At the end of the tape, the disembodied voice of the interviewer wants to know if Vera has anything else to say.

“Pardon?”

“Do you think about the Holocaust often?”

“Yes. You can never forget it. Mostly I just socialize with people who were there.”

“Is there anything else you want to say?”

Her pause is imbued with futility, both desperate and resigned.

What is left to say? What could she possibly say?

“I just really hope that nobody should experience something like this again,” she answers finally. Her words scrubbed completely clean of meaning.

twelve

D
EGAN AND
I
SPEND AN UNEVENTFUL
New Year’s at the cabin. The smell of the wood stove makes my stomach lurch, as does Degan’s aftershave and the mere sight of a single dirty dish in the sink.

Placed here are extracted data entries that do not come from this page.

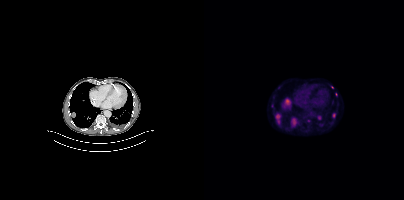
Findings: Coordinates are on the 200×200 PET (right) panel. (showing 7 of 11 foci) PSMA-avid tumor lesion bounding boxes (x, y, width, height): x=71 y=113 w=7 h=13; x=88 y=118 w=5 h=7; x=128 y=113 w=4 h=5; x=82 y=99 w=4 h=5; x=128 y=100 w=2 h=5. Small PSMA-avid foci (2 to 4 px across) near (center x, center y): (115, 117); (68, 105).
- Paired axial CT (left) and PSMA PET (right), 18F-PSMA tracer
- acquired on Siemens Biograph mCT Flow 20
- PET panel 200×200 px (4.1 mm/px)
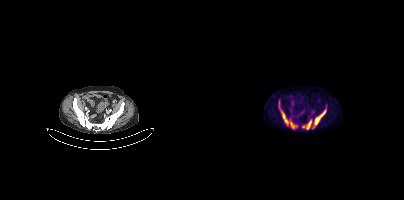
Left: CT. Right: PSMA PET, same axial level, 18F tracer. PET panel 200×200 px (4.1 mm/px).
Coordinates are on the 200×200 PET (right) panel. PSMA-avid tumor lesion bounding boxes:
| # | x0 | y0 | x1 | y1 |
|---|---|---|---|---|
| 1 | 75 | 100 | 92 | 128 |
| 2 | 110 | 106 | 122 | 125 |
| 3 | 102 | 120 | 107 | 129 |
Small PSMA-avid focus (2 to 4 px across) near (center x, center y): (99, 126).
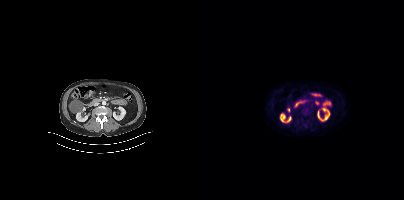
{"modality":"PSMA PET/CT","view":"axial","tracer":"[18F]PSMA-1007","pet_grid":[200,200],"coord_frame":"pet_panel","coord_format":"x0,y0,x1,y1","psma_avid_lesions":false}
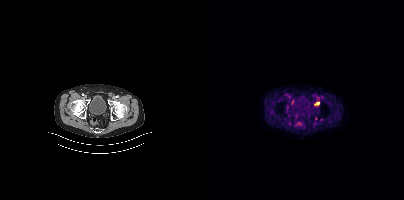
Coordinates are on the 200×200 PET (right) panel. (showing 2 of 3 foci) PSMA-avid tumor lesion bounding box (x, y, width, height): x=111 y=102 w=5 h=3. Small PSMA-avid focus (2 to 4 px across) near (center x, center y): (111, 118).
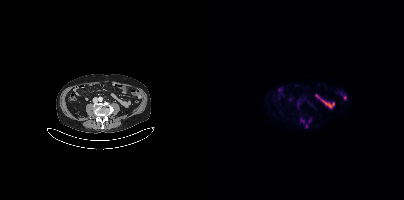
Technique: Two-panel axial: CT | PSMA PET, 18F tracer.
Findings: Only PSMA-avid lesion pieces thinner than 2 px on this slice (not listed).
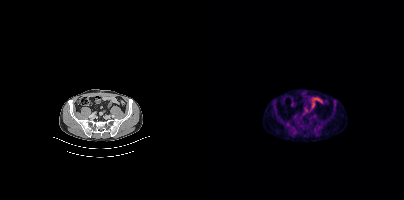
{"modality":"PSMA PET/CT","view":"axial","tracer":"18F","pet_grid":[200,200],"coord_frame":"pet_panel","coord_format":"x0,y0,x1,y1","psma_avid_lesions":false}
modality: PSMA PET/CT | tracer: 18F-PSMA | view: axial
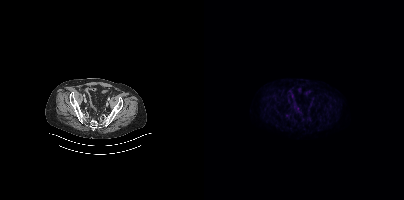
No tumor lesions annotated on this slice.
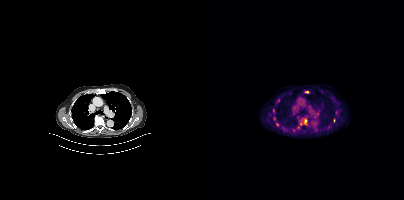
modality: PSMA PET/CT | tracer: 18F-PSMA | view: axial
Coordinates are on the 200×200 PET (right) panel. (showing 2 of 5 foci) PSMA-avid tumor lesion bounding box (x0, y0)-(x1, y1): (100, 119)-(102, 124). Small PSMA-avid focus (2 to 4 px across) near (center x, center y): (102, 91).
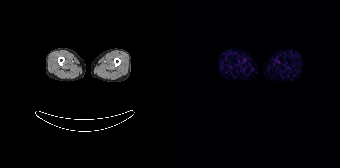
{"modality":"PSMA PET/CT","view":"axial","tracer":"68Ga","pet_grid":[168,168],"coord_frame":"pet_panel","coord_format":"x0,y0,x1,y1","psma_avid_lesions":false}
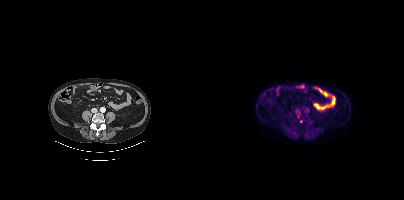
- Two-panel axial: CT | PSMA PET, [18F]PSMA-1007 tracer
- acquired on Siemens Biograph mCT Flow 20
- slice 142 of 403
Findings: Only PSMA-avid lesion pieces thinner than 2 px on this slice (not listed).
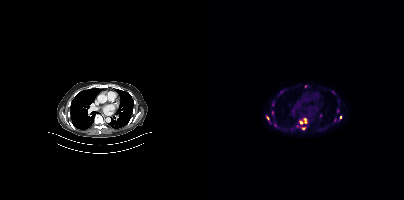
Findings: Coordinates are on the 200×200 PET (right) panel. (showing 11 of 13 foci) PSMA-avid tumor lesion bounding boxes (x, y, width, height): x=95 y=118 w=9 h=7; x=62 y=116 w=4 h=5. Small PSMA-avid foci (2 to 4 px across) near (center x, center y): (99, 128); (131, 119); (133, 111); (136, 117); (68, 104); (68, 112); (77, 91); (129, 92); (71, 125).
Technique: Left: CT. Right: PSMA PET, same axial level, [18F]PSMA-1007 tracer. slice 279 of 413. PET panel 200×200 px (4.1 mm/px).
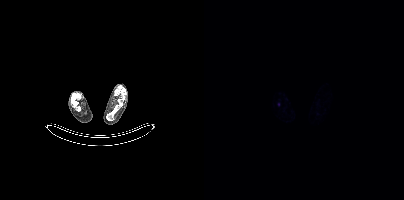
Findings: This slice has no annotated PSMA-avid lesion.
Technique: Paired axial CT (left) and PSMA PET (right), 18F-PSMA tracer.
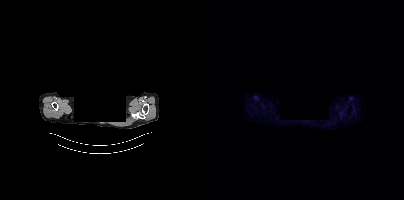
Facial anatomy redacted by setting a rectangular region of the head to black. Two-panel axial: CT | PSMA PET, 18F tracer. Slice position z = -877 mm. PET panel 200×200 px (4.1 mm/px). No tumor lesions annotated on this slice.
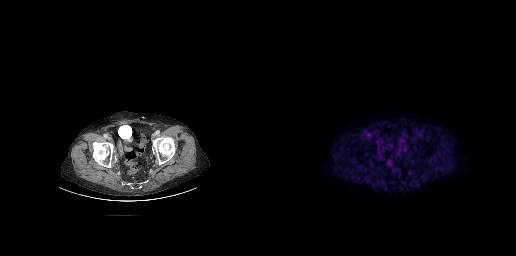
No PSMA-avid tumor lesions on this slice.
modality: PSMA PET/CT | tracer: 18F | view: axial
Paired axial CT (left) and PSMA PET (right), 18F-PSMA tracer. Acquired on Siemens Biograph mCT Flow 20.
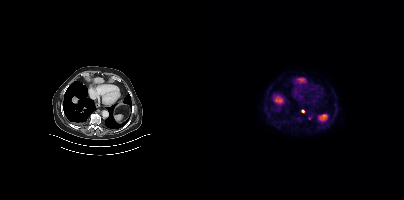
Coordinates are on the 200×200 PET (right) panel. Small PSMA-avid focus (2 to 4 px across) near (center x, center y): (98, 111).
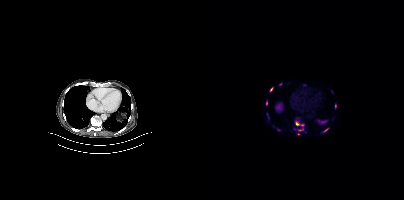
Findings: Coordinates are on the 200×200 PET (right) panel. (showing 7 of 9 foci) PSMA-avid tumor lesion bounding boxes (x0,y0,x1,y1): [91,121,99,126]; [94,128,99,131]; [118,128,124,132]; [62,101,63,105]. Small PSMA-avid foci (2 to 4 px across) near (center x, center y): (67, 89); (94, 134); (131, 105).
Technique: Left: CT. Right: PSMA PET, same axial level, [18F]PSMA-1007 tracer. PET panel 200×200 px (4.1 mm/px).
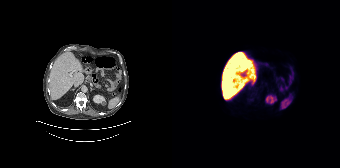
This slice has no annotated PSMA-avid lesion.
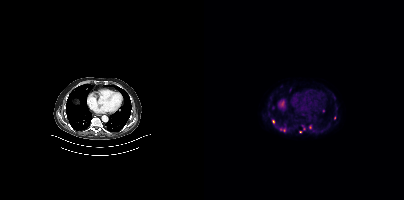
{"modality":"PSMA PET/CT","view":"axial","tracer":"18F","pet_grid":[200,200],"coord_frame":"pet_panel","coord_format":"x0,y0,x1,y1","partial":true,"lesion_bboxes":[[76,128,81,131]],"small_foci_centers":[[106,127],[69,121],[119,110],[100,128]]}
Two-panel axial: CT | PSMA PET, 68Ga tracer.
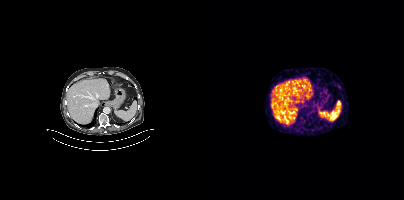
This slice has no annotated PSMA-avid lesion.
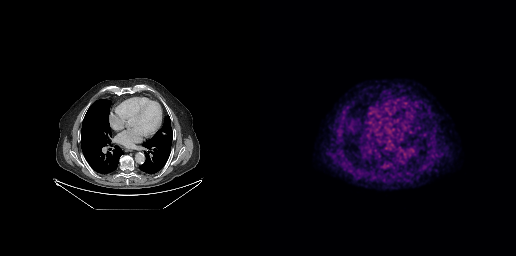
Two-panel axial: CT | PSMA PET, 18F tracer. PET panel 256×256 px (2.7 mm/px). This slice has no annotated PSMA-avid lesion.
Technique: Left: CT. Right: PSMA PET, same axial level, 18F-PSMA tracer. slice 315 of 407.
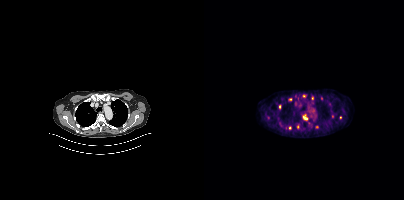
Findings: Coordinates are on the 200×200 PET (right) panel. (showing 9 of 11 foci) PSMA-avid tumor lesion bounding box (x0, y0)-(x1, y1): (99, 115)-(103, 119). Small PSMA-avid foci (2 to 4 px across) near (center x, center y): (112, 127) | (75, 106) | (86, 128) | (99, 95) | (93, 126) | (117, 98) | (86, 99) | (136, 117).
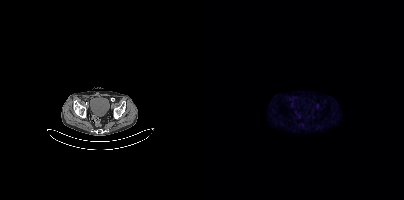
No PSMA-avid tumor lesions on this slice. Two-panel axial: CT | PSMA PET, 18F tracer. Acquired on Siemens Biograph mCT Flow 20.
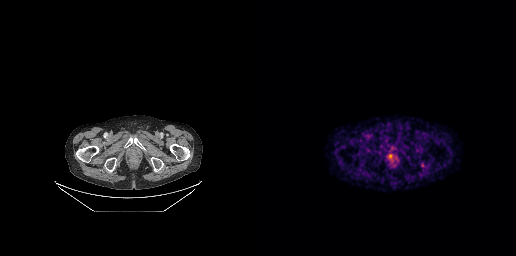
Left: CT. Right: PSMA PET, same axial level, 68Ga-PSMA tracer. Acquired on GE Discovery 690. PET panel 256×256 px (2.7 mm/px). Coordinates are on the 256×256 PET (right) panel. PSMA-avid tumor lesion bounding boxes (x0, y0)-(x1, y1): (128, 154)-(132, 161) / (161, 163)-(164, 167).
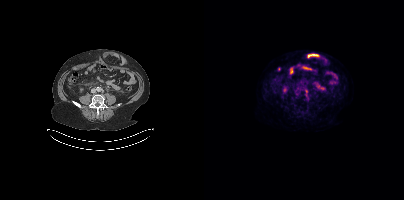
modality: PSMA PET/CT | tracer: 18F-PSMA | view: axial
Coordinates are on the 200×200 PET (right) panel. PSMA-avid tumor lesion bounding box (x0, y0)-(x1, y1): (102, 95)-(105, 99). Small PSMA-avid focus (2 to 4 px across) near (center x, center y): (102, 91).
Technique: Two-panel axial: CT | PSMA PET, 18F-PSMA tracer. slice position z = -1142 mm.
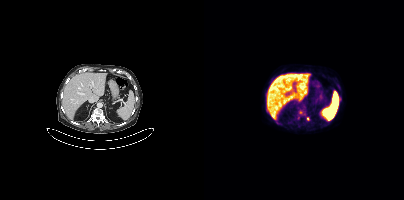
Findings: Coordinates are on the 200×200 PET (right) panel. (showing 3 of 4 foci) PSMA-avid tumor lesion bounding box (x0,y0,x1,y1): [94,111,98,113]. Small PSMA-avid foci (2 to 4 px across) near (center x, center y): (135, 99) (103, 118).
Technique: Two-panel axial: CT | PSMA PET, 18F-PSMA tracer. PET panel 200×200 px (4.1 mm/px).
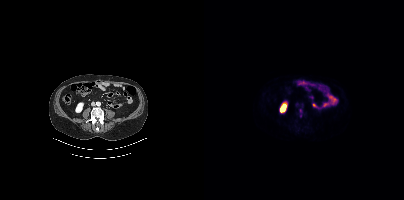
Findings: Coordinates are on the 200×200 PET (right) panel. Small PSMA-avid foci (2 to 4 px across) near (center x, center y): (96, 110) / (96, 115).
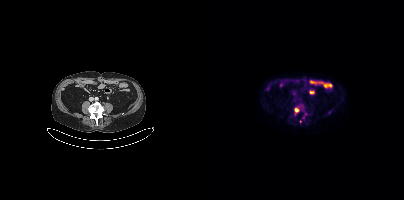
modality: PSMA PET/CT | tracer: 18F | view: axial | PET grid: 200×200
Coordinates are on the 200×200 PET (right) panel. (showing 2 of 3 foci) Small PSMA-avid foci (2 to 4 px across) near (center x, center y): (92, 109); (90, 114).
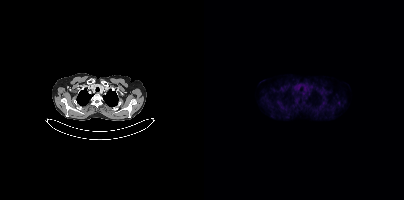
Technique: Paired axial CT (left) and PSMA PET (right), 18F tracer. PET panel 200×200 px (4.1 mm/px).
Findings: Negative for PSMA-avid disease on this slice.

Nausea. A good sign.

I read trashy magazines on the sofa, popping Diclectin, the drug prescribed for morning sickness, like candy. Degan sits on the armchair opposite me with Martin Gilbert’s biography of Winston Churchill on his lap. He reads to me about Churchill’s friendship with the Jews, and how he sought to support them during the war. Vera’s brother Friedl was one of them. He fled mainland Europe and worked with the Royal Air Force. The Nazis found out, and as payback, his father, Hermann—Vera’s father, too—was beaten and tortured.

The diabetic father whose insulin was taken away.

Daddy
.

Meanwhile, in today’s news, Israel has begun an attack on Gaza. Bombs, a ground invasion. The Palestinians can’t get across the border. Their diesel supply is cut off, their drinking water compromised. The Israeli defence minister says it won’t be a short operation.